Advances in Perception for Automated Mobile Systems
Chenyang Lu defended his PhD thesis at the department of Electrical Engineering on January 25th.
In pursuit of increased efficiency and safety in the transportation of goods and people, there is a need for more capable automated mobile systems that can navigate through the world and interact with humans. One of the key enabling technologies required by such systems is perception, i.e. the ability to sense, perceive, and understand the environment where the system is situated in. The within this PhD research obtained promising results are expected to make solid contributions towards the realization of fully automated mobile systems.
For instance, for a car to be able to understand the real world, it needs to ascertain what to do with all kinds of sensory input from cameras, radar systems, and other devices. Whilst there are already multiple options that exist to perform these tasks, using artificial intelligence or not, these options are and depend on a huge amount of human interference before they can be put to good use. It became quite clear that there was still room for improvement by using artificial intelligence to create new possibilities which can ultimately deliver more than the traditional capabilities of computers. This dissertation addresses several detailed research objectives that aim to improve perception technology, in the fields of artificial intelligence and computer vision. These research objectives originate from the observation that current perception technologies are facing specific limitations.
More high-level environment representations
The first limitation is that current approaches that understand the environment usually remain at a low abstraction level, e.g. pixels, and therefore it is inefficient to directly use them for high-level tasks. This dissertation presents research on how deep neural networks can directly provide more high-level environment representations that are useful for downstream tasks of automated mobile systems, such as route planning and navigation. The proposed approach can take a regular front-view image as input, and efficiently generate an environment description, in the format of graphs, which are commonly used in almost all map and navigation apps. These graphs can be easily understood by humans, as well as downstream navigation tasks.
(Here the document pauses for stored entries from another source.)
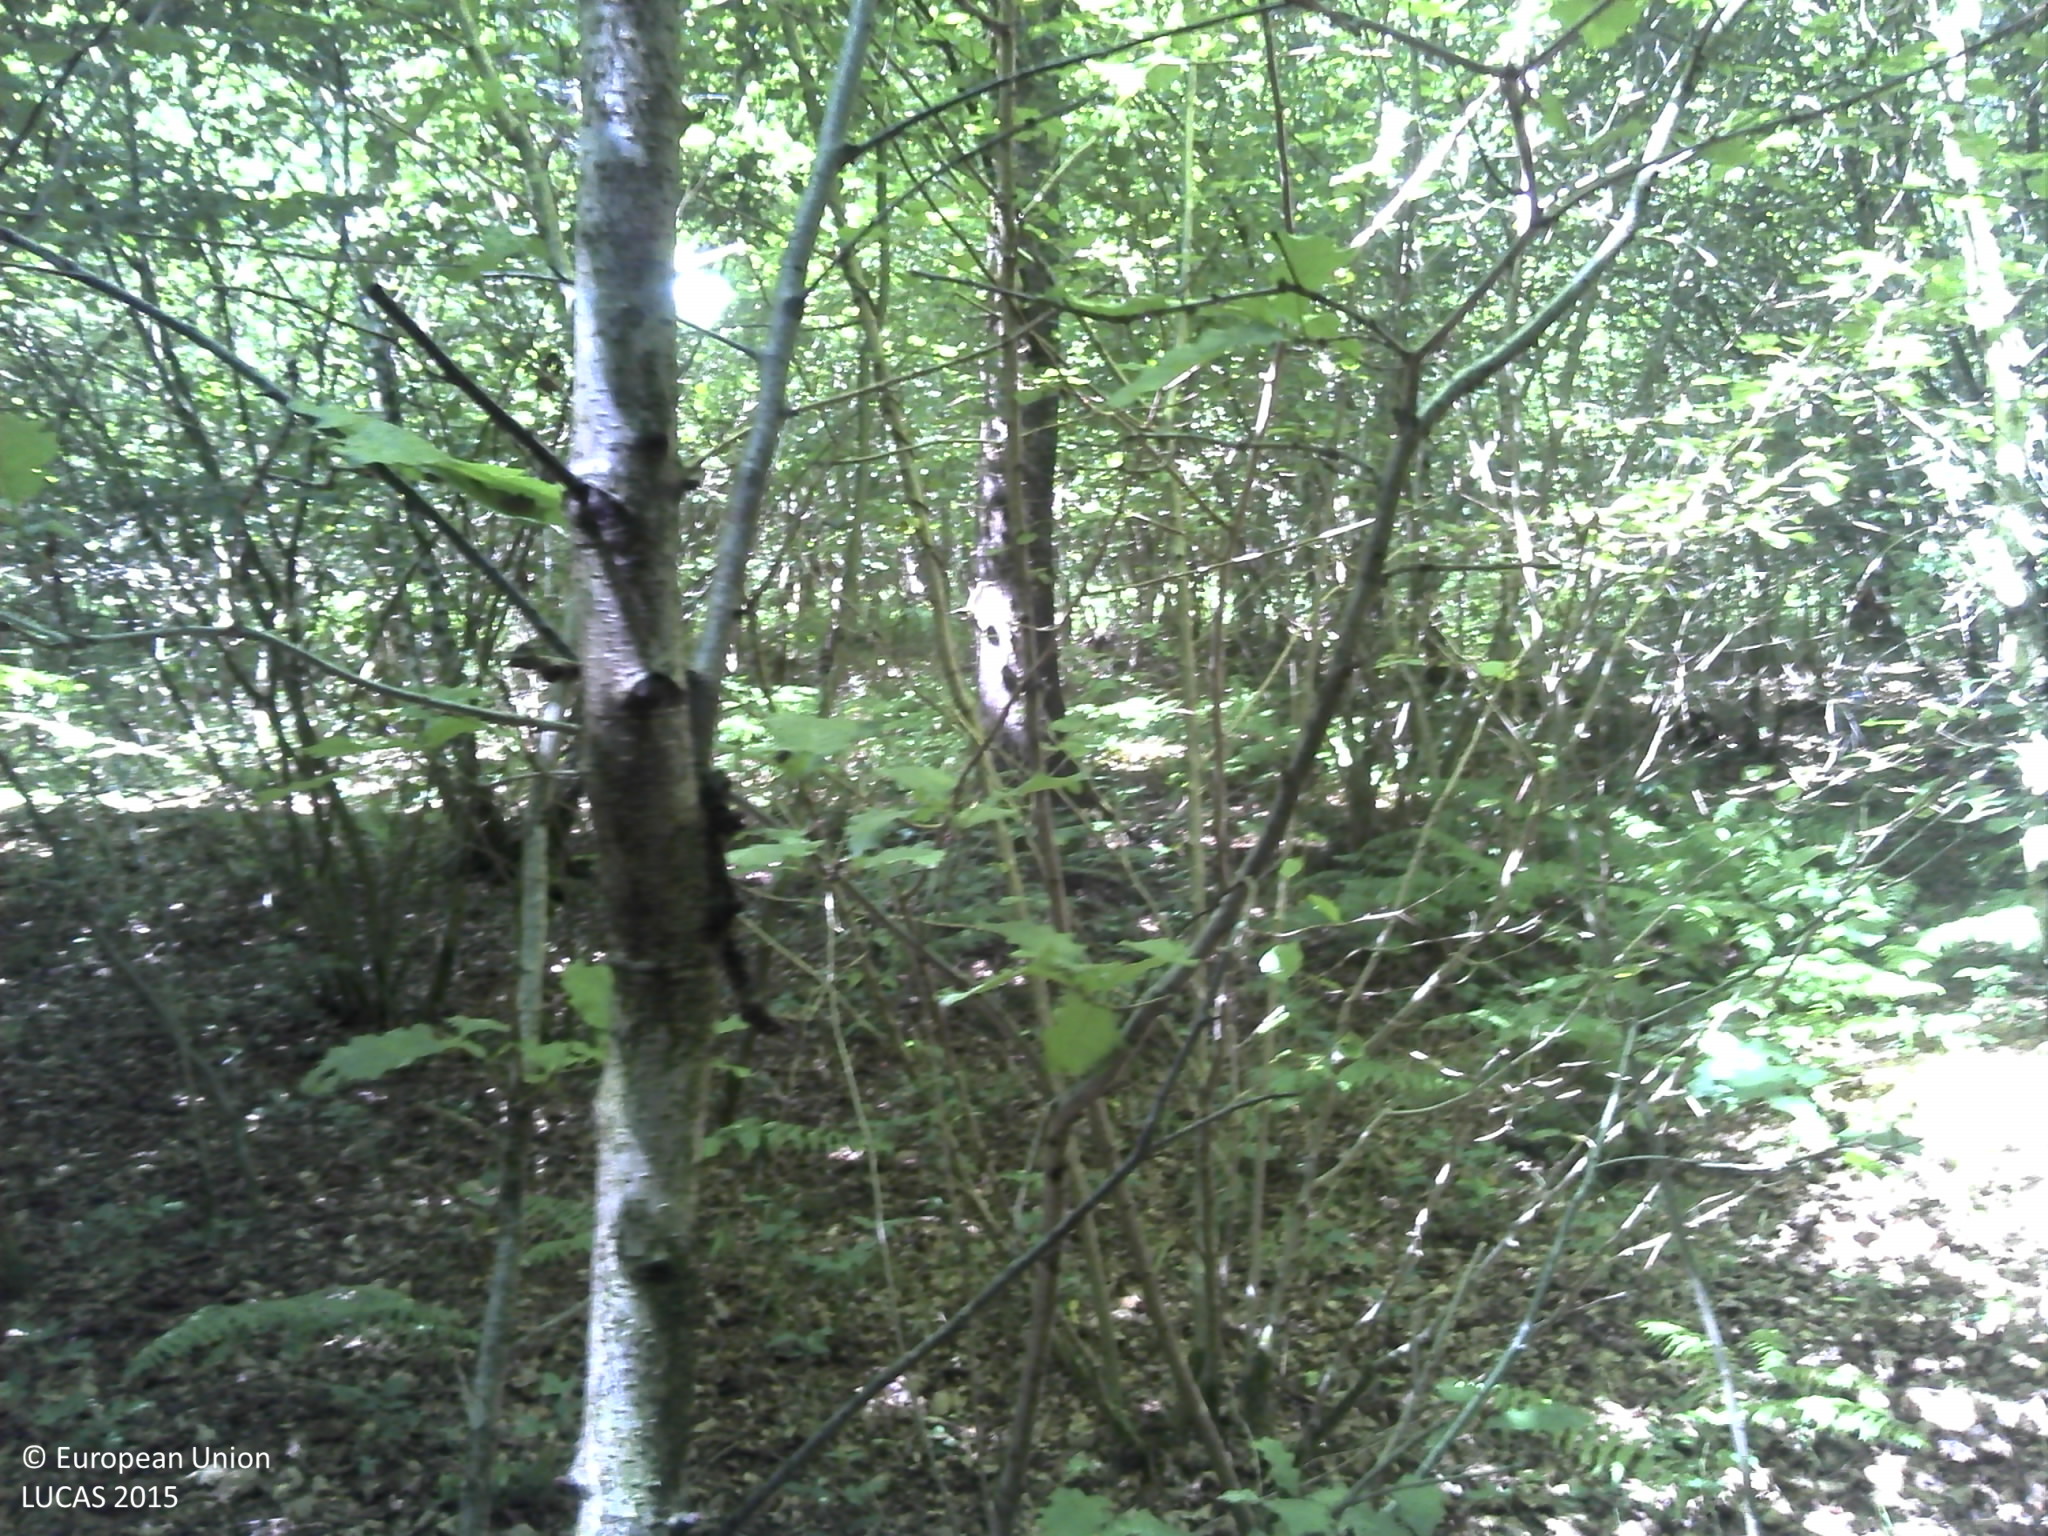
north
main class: Woodland
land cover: Broadleaved woodland
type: acidophilous oak and oak-birch forest
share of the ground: > 75 %
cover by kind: broadleaved forest trees 70 %, herbaceous plants 15 %, consolidated bare surface 10 %, lichens and mosses 5 %
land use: Forestry
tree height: > 5 m
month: June
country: FR
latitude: 50.0291
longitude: 4.7899
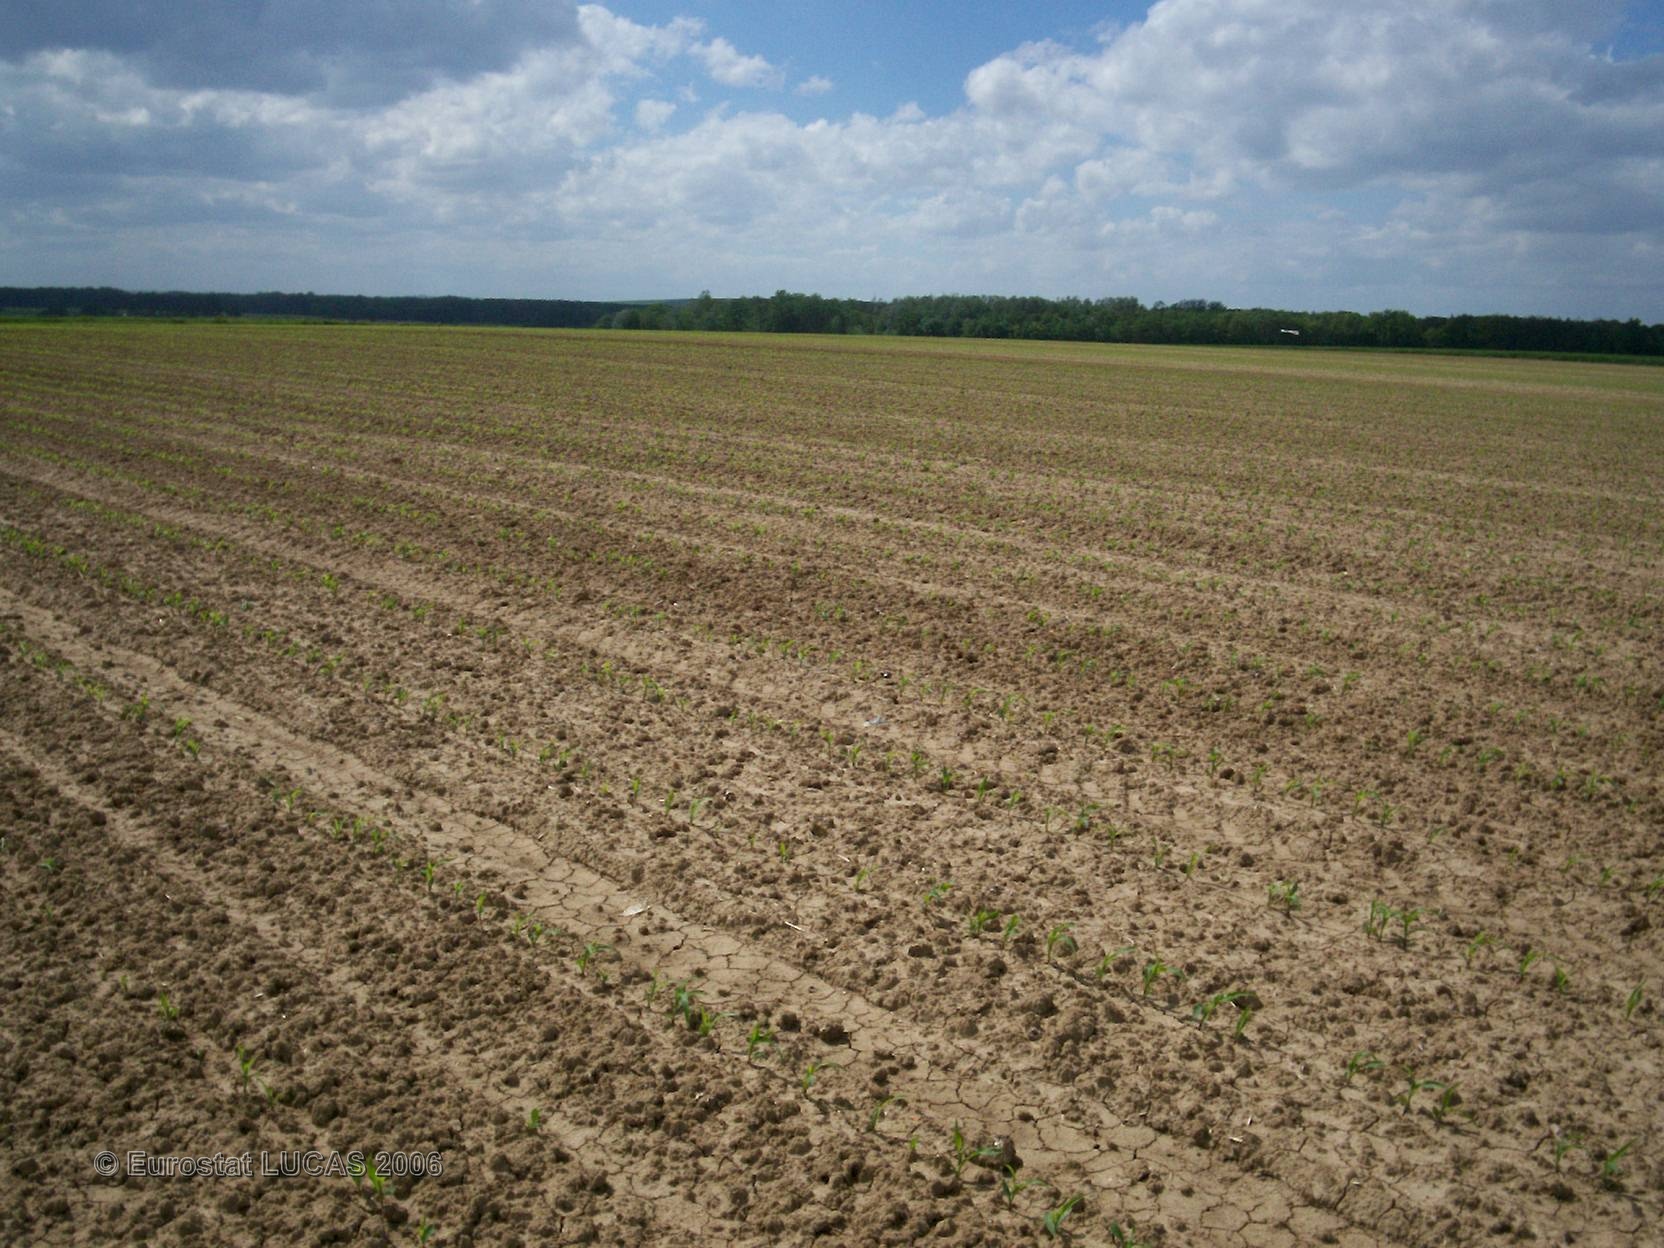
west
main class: Cropland
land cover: Maize
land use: Agriculture (excluding fallow land and kitchen gardens)
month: May
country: FR
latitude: 48.3723
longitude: 4.4489
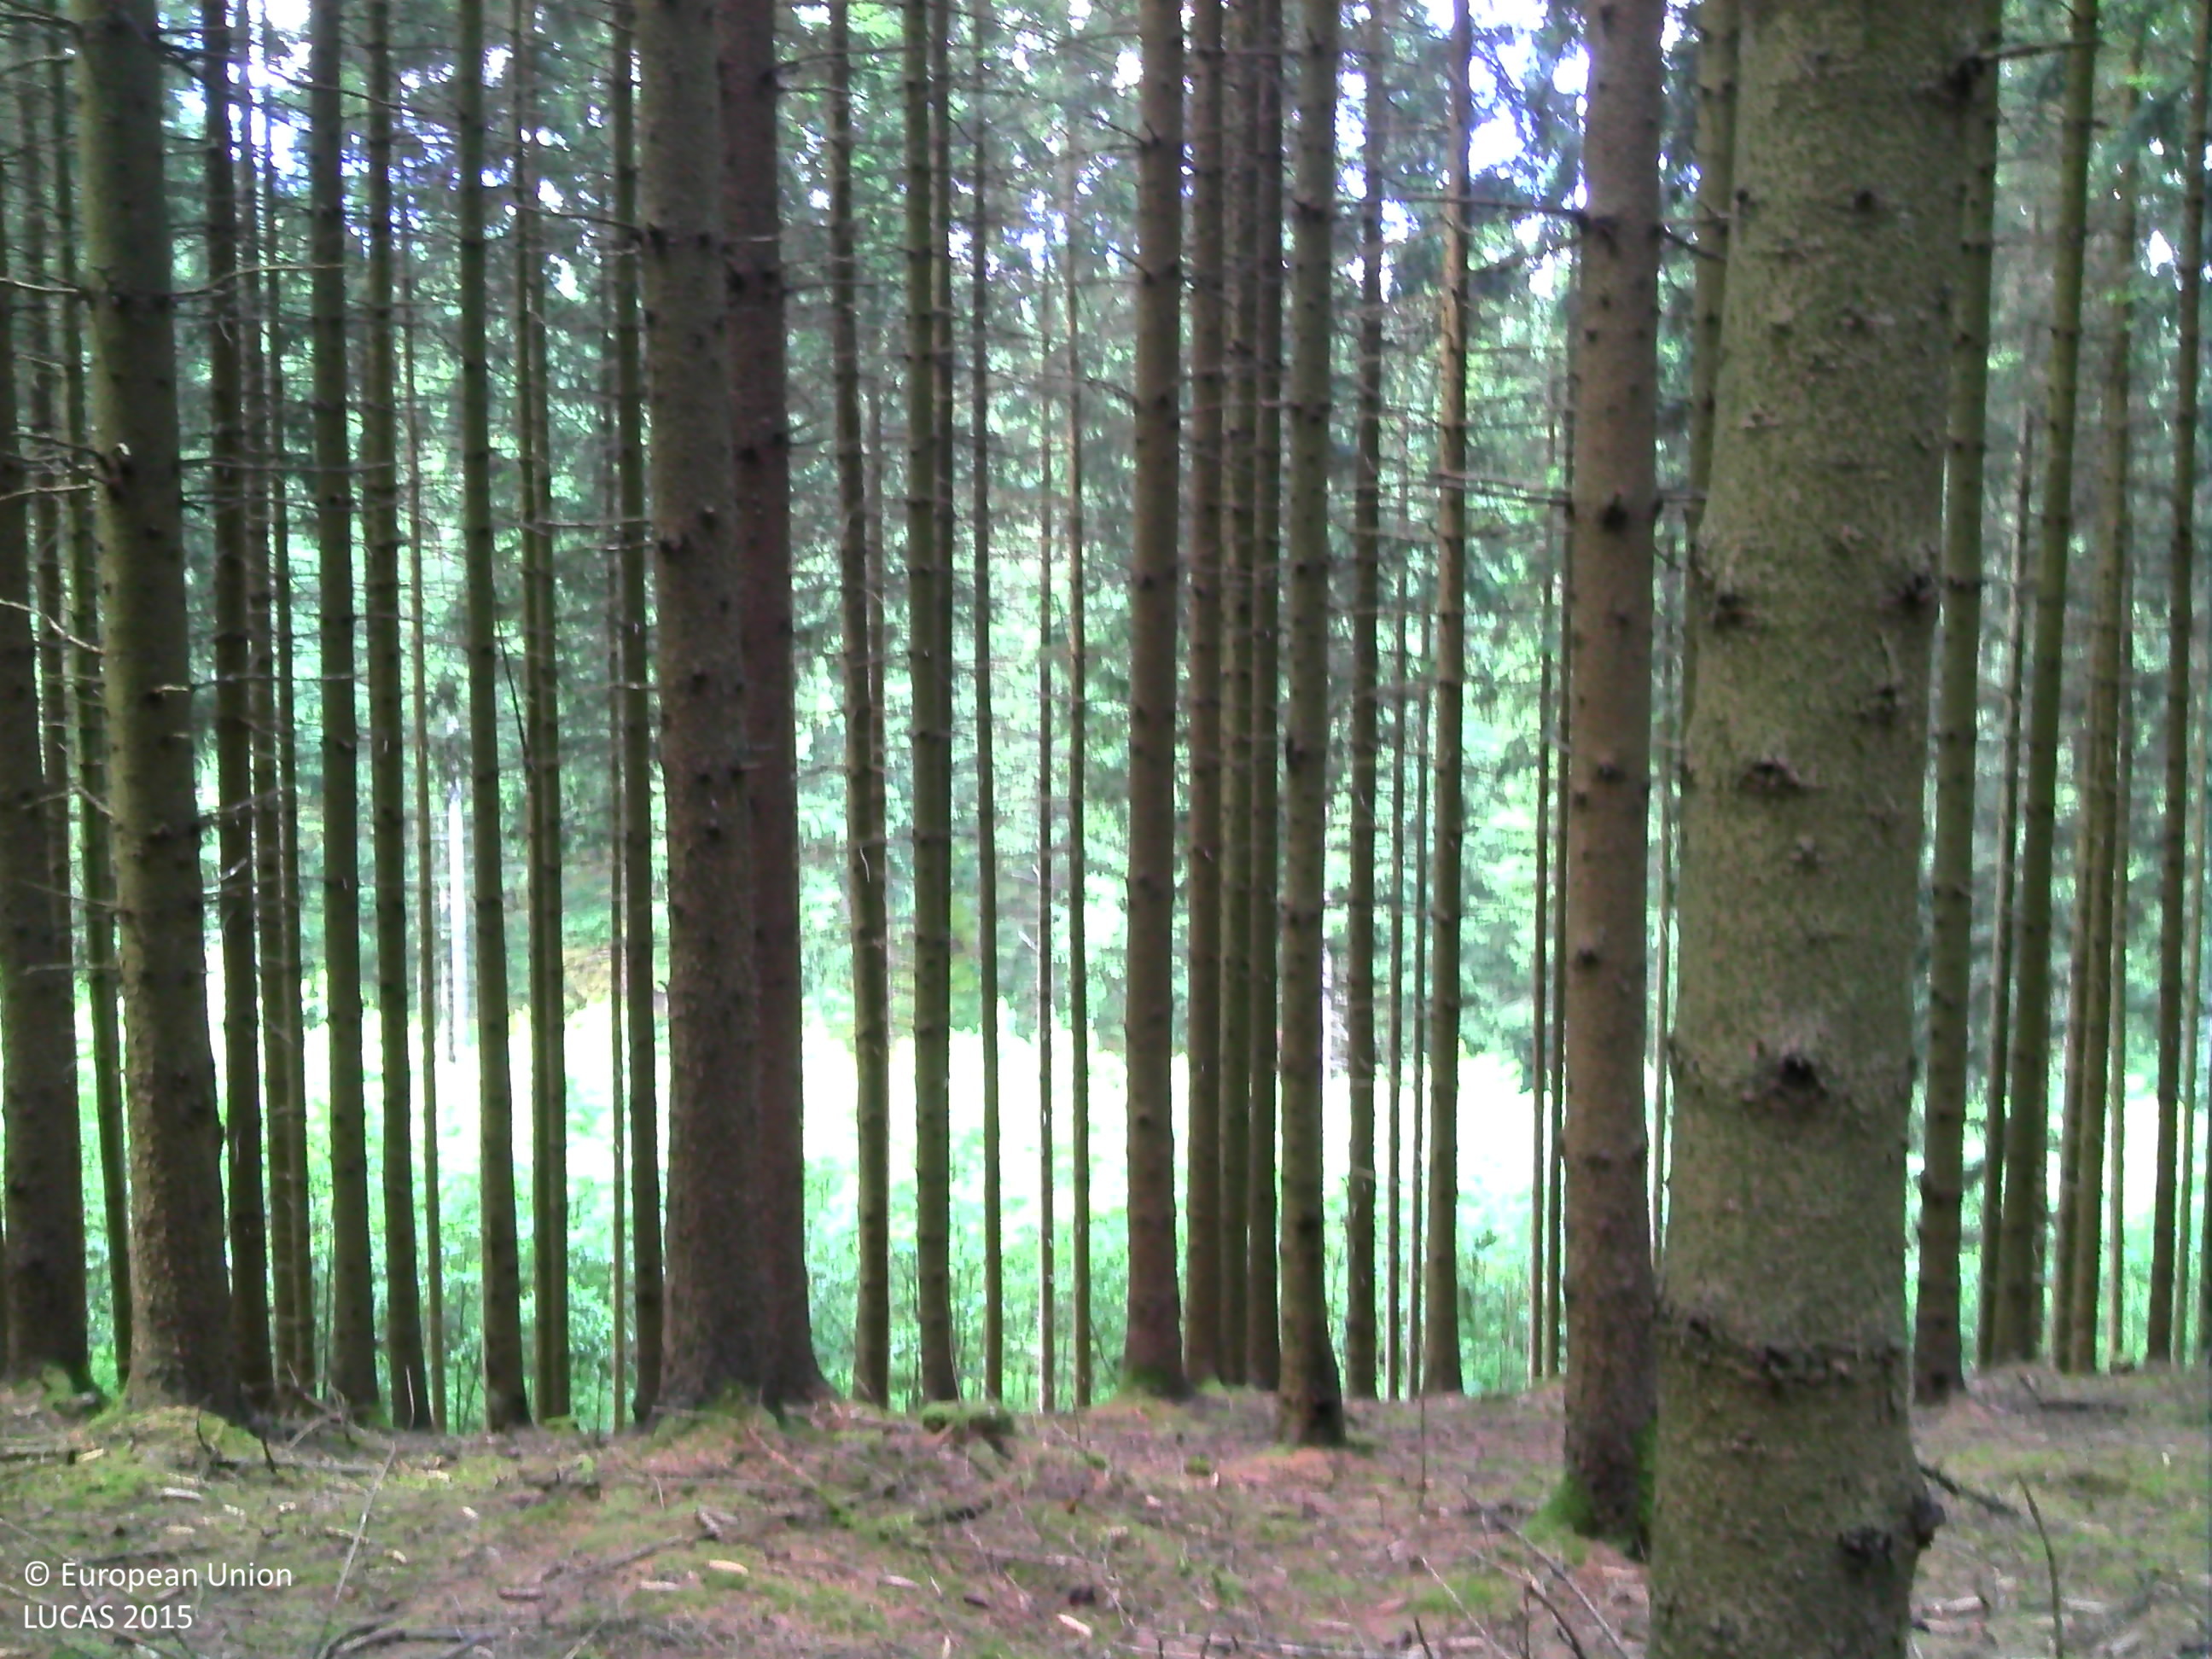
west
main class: Woodland
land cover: Spruce dominated coniferous woodland
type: exotic forest
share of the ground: > 75 %
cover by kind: coniferous forest trees 90 %, lichens and mosses 10 %
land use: Forestry
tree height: > 5 m
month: July
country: BE
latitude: 50.2856
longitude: 6.2802

Complement incomplete observations
Furthermore, it is understandable that the scene we see in the real world is not complete. Some foreground objects will occlude the background environments, and we cannot observe the occluded background directly if we do not move ourselves and observe from another perspective. This type of incompleteness is of course not preferred when making the decision. This dissertation proposes methods that can complement incomplete observations, such that the mobile system gains an understanding of areas that it cannot observe directly with its sensors.
Finally, to train state-of-the-art deep neural networks, one needs large-scale and annotated datasets that are typically very expensive to obtain. Efforts are made to reduce the burden of manual data annotation for the proposed deep neural network-based methods. By doing this, we do not need to hire human annotators to enable the designed functionalities, which is typically very expensive.
This dissertation contains both fundamental contributions in combination with more applied contributions that are relevant to automated mobile systems, such as self-driving vehicles.
Title of PhD thesis: Advances in Perception for Automated Mobile Systems. Supervisors: Gijs Dubbelman, and Peter de With.